Hampton envisions a Sequim concert series utilizing local venues throughout the year.

Ticket sales went live for another concert with The Kingston Trio on Aug. 22 at the James Center, but Hampton said due to circumstances beyond his control, the concert was cancelled but it will be rescheduled for a later date.

For Foghat, he said the band is “iconic” and one of his personal favorites he grew up listening to in high school.

Interest and ticket sales are coming in from all over the region, specifically Kitsap County, he said.

Classic Rock Radio station 92.9 KISM FM in Bellingham is promoting the show, too, and will be giving away multiple ticket packages as promotion in the coming weeks.

Hampton seeks input from concert-goers on Sequim Concerts’ Facebook page wanting to know whom he should book next.


Making more memories

While discussing his long and varied career, Hampton says he’s “the Forrest Gump” of music doing a little of this and that while meeting some of the greats of yesterday and today.

“I want people to know this (concert) is not about Quinn Hampton,” he said. “But where I came from. I’m not just doing this on a whim. I have a lifetime in the entertainment industry and I see a lot of potential with Sequim.”

Hampton received national media attention at age 8 after he says he became the “poster boy” for March of Dimes in Sacramento. He was born with club feet and had casts on his legs when he was seven days old. He had 13 operations on his legs until age 12.

At a telethon, he met actor Michael Landon and while talking on air the two began to cry. “This is why we do it,” Hampton said Landon told the cameras.

Hampton said Landon made him feel like a friend and “I called him Little Joe (from ‘Bonanza’).”

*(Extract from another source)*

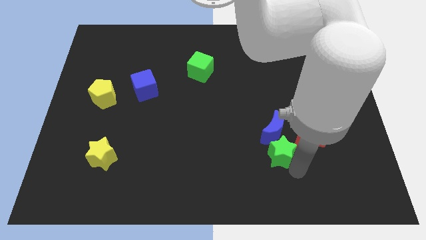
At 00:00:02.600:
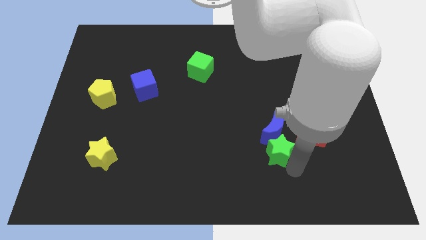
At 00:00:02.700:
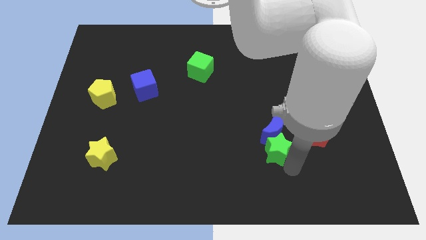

Twenty-three years later, Hampton reunited with Landon on the set of “Highway to Heaven,” and they rekindled their friendship. Hampton frequently would visit the set, even having a jam session with Landon’s co-star Victor French.

Hampton has several special memories on and off stage with entertainment icons.

He wrote the song “The Greatest” in 1994 for Muhammed Ali and was able to meet the boxer before a banquet honoring him in Sacramento. He was to perform it for him at the gala.

Now Hampton is focused 100 percent on promoting Sequim Concerts and hoping to create and bring back special memories through music. If the Foghat show is a success, Hampton said, “It will mean more things down the line for sure.”